In short (as in Theorem 1 of here): the stereographic projections of the solutions of (1) satisfy a Riccati equation (1st order quadratic ODE), and (as in Proposition 2 of here) the time-$t$ mappings of Riccati equations are Möbius transformations; the classification of Möbius transformations then gives the result. In fact, either: [A] all solutions of (1) are neutrally stable; or [B] (1) has a unique asymptotically stable $1$-periodic solution and a unique unstable $1$-periodic solution, and all solutions other than the unstable $1$-periodic solution are attracted to the stable $1$-periodic solution; or [C] (1) has a unique $1$-periodic solution, and this solution attracts all solutions but is unstable.

To go through the proof in full detail:

Lemma 1. For any solution $\theta(\cdot)$ of (1), letting $y(\cdot)$ be the stereographic projection $y(t)=\tan(\frac{\theta(t)}{2})$, we have that $$ \dot{y}(t) \ = \ Ay(t) \ + \ \tfrac{1}{2}g(t)(1+y(t)^2) $$ whenever $\theta(t) \neq \pi$.
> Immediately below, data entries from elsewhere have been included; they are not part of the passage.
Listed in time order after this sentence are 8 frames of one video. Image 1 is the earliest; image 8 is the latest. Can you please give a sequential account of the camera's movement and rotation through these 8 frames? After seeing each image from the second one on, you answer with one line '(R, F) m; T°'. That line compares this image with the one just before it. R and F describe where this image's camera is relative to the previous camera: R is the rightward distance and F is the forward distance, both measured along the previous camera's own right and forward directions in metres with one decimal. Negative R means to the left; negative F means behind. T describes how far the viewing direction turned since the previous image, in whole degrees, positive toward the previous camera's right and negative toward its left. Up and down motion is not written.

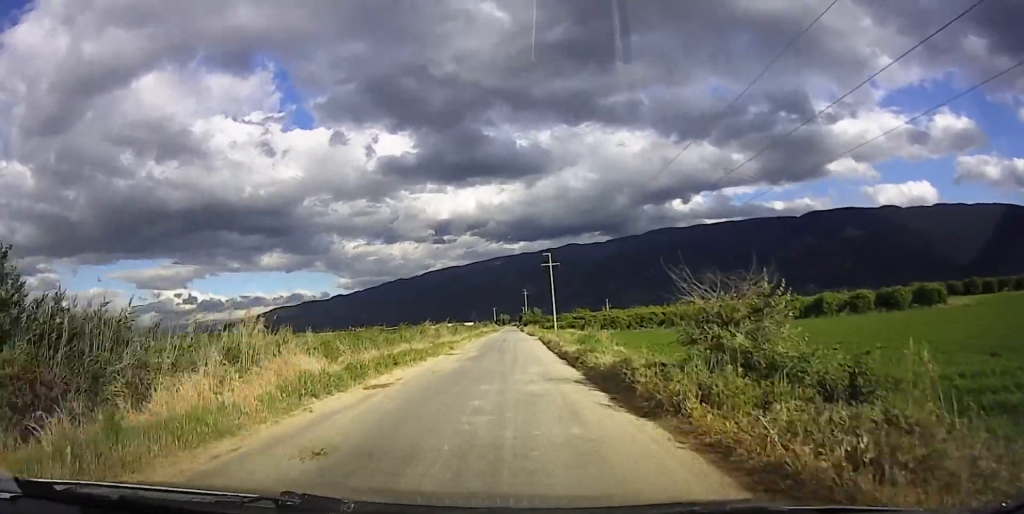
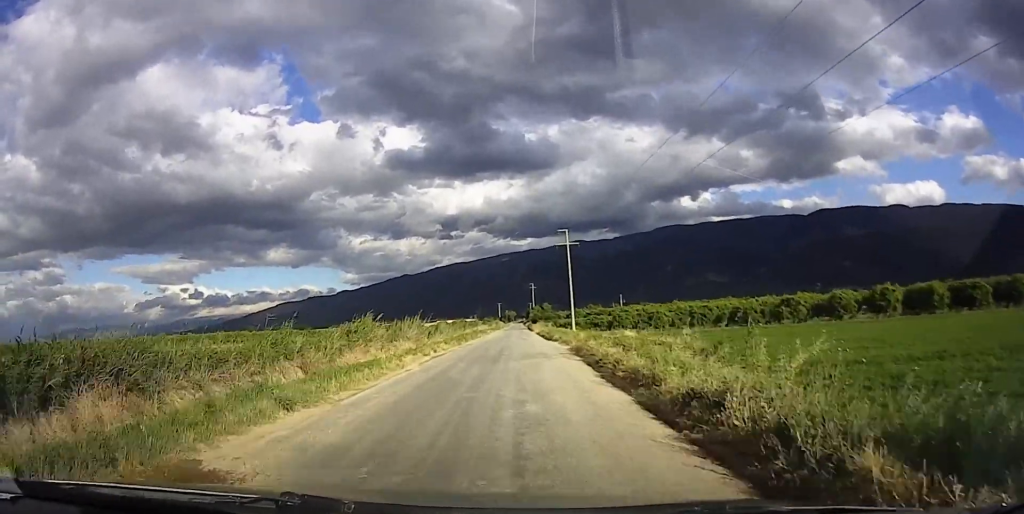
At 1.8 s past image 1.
(+0.6, +27.7) m; -2°
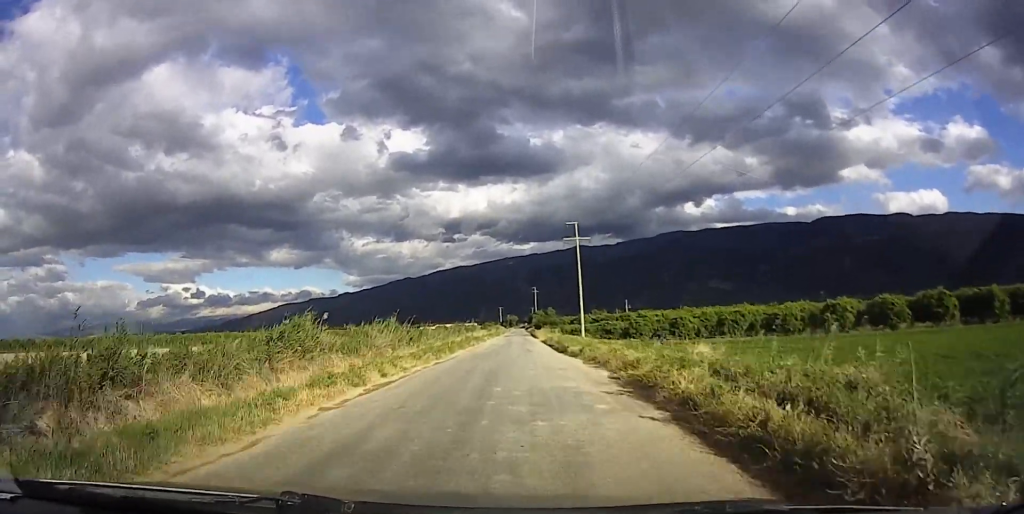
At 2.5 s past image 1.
(-0.9, +10.6) m; -2°
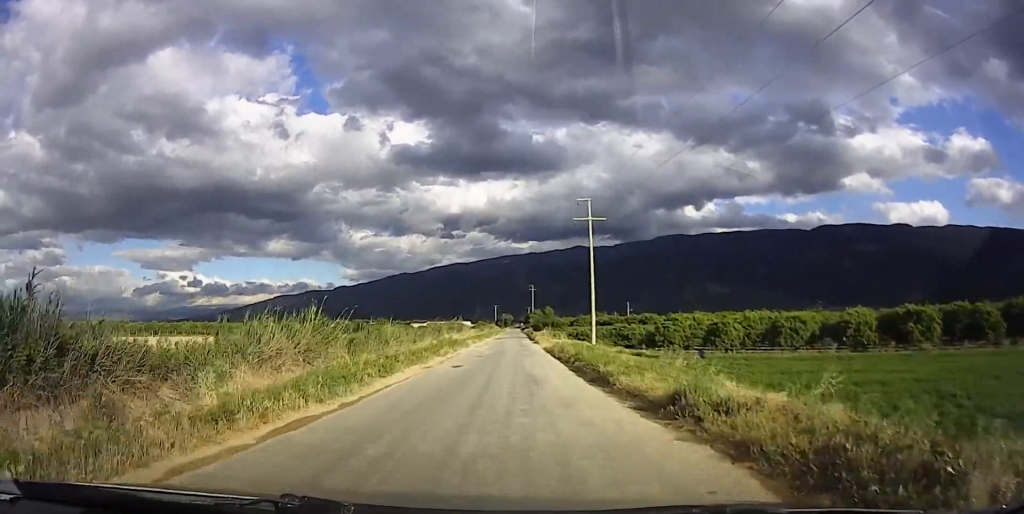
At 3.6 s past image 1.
(+0.2, +15.0) m; +2°
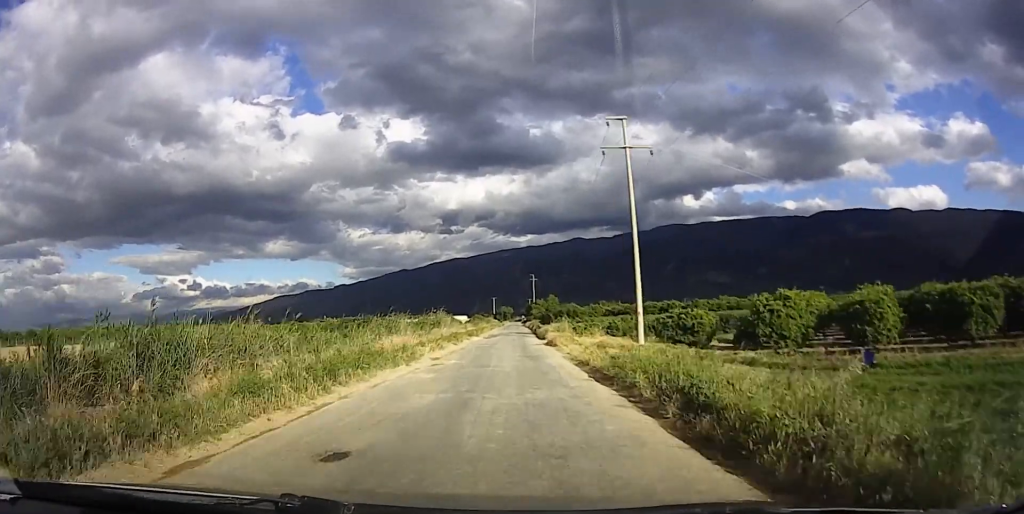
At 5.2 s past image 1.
(+0.4, +22.7) m; +1°
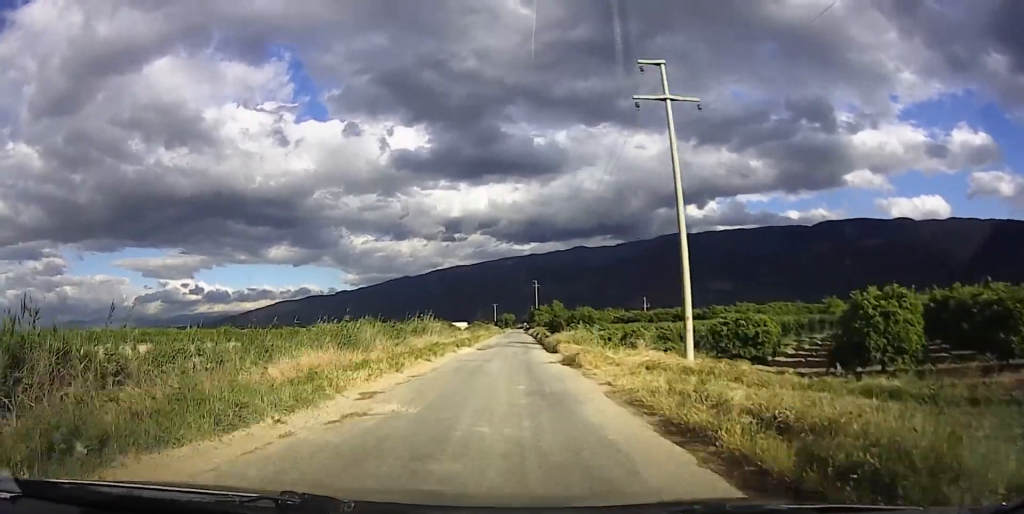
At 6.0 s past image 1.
(0.0, +10.1) m; -3°
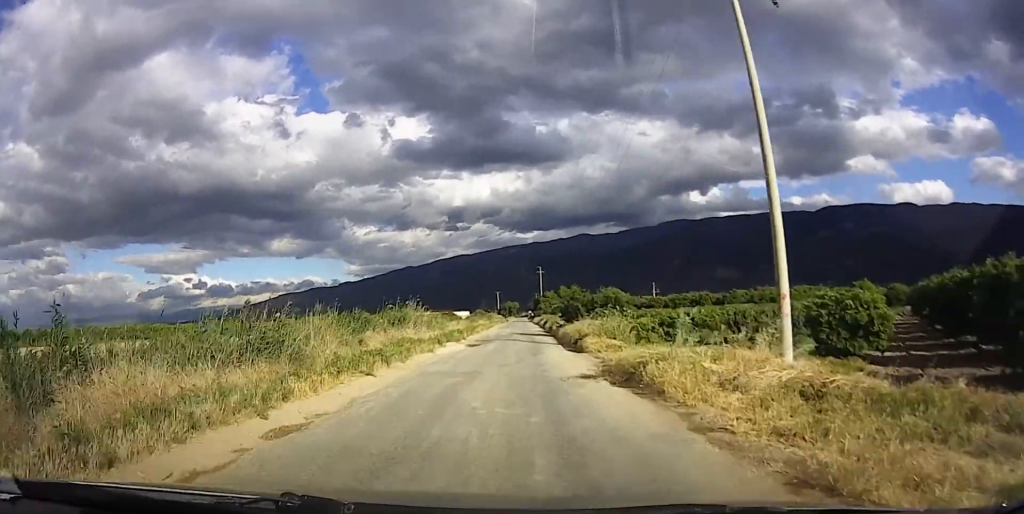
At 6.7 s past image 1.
(+0.3, +9.5) m; -7°
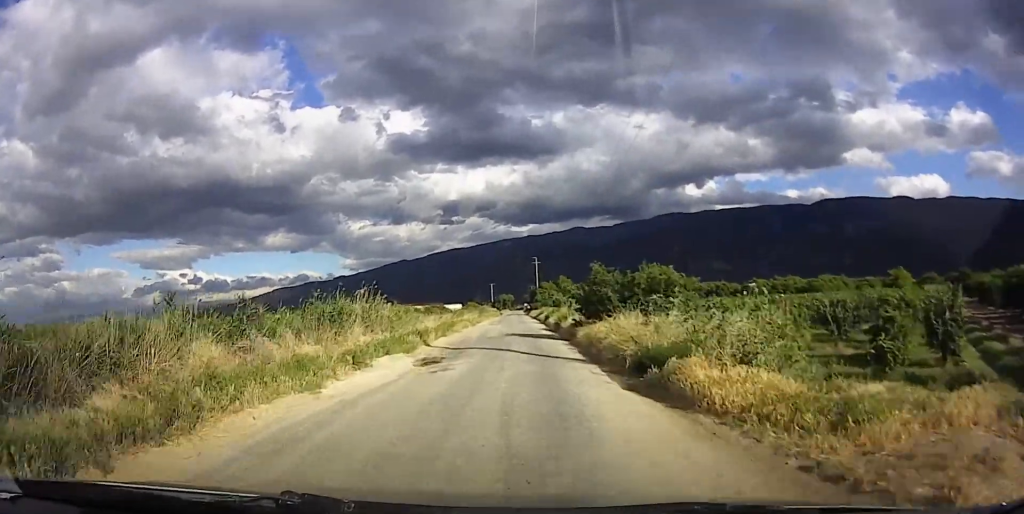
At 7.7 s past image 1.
(-2.2, +10.3) m; +7°

Proof. Straightforward direct computation. $\ \square$

Now let $\mathbb{S}_4$ be the set of points in $(\mathbb{S}^1)^4$ whose four coordinates are distinct. Define $C \colon \mathbb{S}_4 \to \mathbb{R}$ to be the cross-ratio of the stereographic projections $\tan(\frac{\cdot}{2})$ of the four inputs; note that $C$ is a smooth function, as it can be written explicitly (i.e. without reference to arithmetic with infinity) as $$ C(\theta_1,\theta_2,\theta_3,\theta_4) \ = \ \left\{ \begin{array}{c l} \frac{\left(\tan(\frac{\theta_3}{2}) \tan(\frac{\pi-\theta_1}{2})-1\right)\left(\tan(\frac{\theta_4}{2}) - \tan(\frac{\theta_2}{2})\right)}{\left(\tan(\frac{\theta_3}{2}) - \tan(\frac{\theta_2}{2})\right)\left(\tan(\frac{\theta_4}{2}) \tan(\frac{\pi-\theta_1}{2})-1\right)} & \theta_1 \neq 0 \textrm{ and } \theta_2,\theta_3,\theta_4 \neq \pi \\ & \\ \frac{\left(\tan(\frac{\theta_3}{2}) - \tan(\frac{\theta_1}{2})\right)\left(\tan(\frac{\theta_4}{2}) \tan(\frac{\pi-\theta_2}{2})-1\right)}{\left(\tan(\frac{\theta_3}{2}) \tan(\frac{\pi-\theta_2}{2})-1\right)\left(\tan(\frac{\theta_4}{2}) - \tan(\frac{\theta_1}{2})\right)} & \theta_2 \neq 0 \textrm{ and } \theta_1,\theta_3,\theta_4 \neq \pi \\ & \\ \frac{\left(1-\tan(\frac{\pi-\theta_3}{2}) \tan(\frac{\theta_1}{2})\right)\left(\tan(\frac{\theta_4}{2}) - \tan(\frac{\theta_2}{2})\right)}{\left(1-\tan(\frac{\pi-\theta_3}{2}) \tan(\frac{\theta_2}{2})\right)\left(\tan(\frac{\theta_4}{2}) - \tan(\frac{\theta_1}{2})\right)} & \theta_3 \neq 0 \textrm{ and } \theta_1,\theta_2,\theta_4 \neq \pi \\ & \\ \frac{\left(\tan(\frac{\theta_3}{2}) - \tan(\frac{\theta_1}{2})\right)\left(1-\tan(\frac{\pi-\theta_4}{2}) \tan(\frac{\theta_2}{2})\right)}{\left(\tan(\frac{\theta_3}{2}) - \tan(\frac{\theta_2}{2})\right)\left(1-\tan(\frac{\pi-\theta_4}{2}) \tan(\frac{\theta_1}{2})\right)} & \theta_4 \neq 0 \textrm{ and } \theta_2,\theta_3,\theta_4 \neq \pi. \end{array} \right. $$

Lemma 2. $C(\cdot)$ is a conserved quantity for the four-point motion of (1).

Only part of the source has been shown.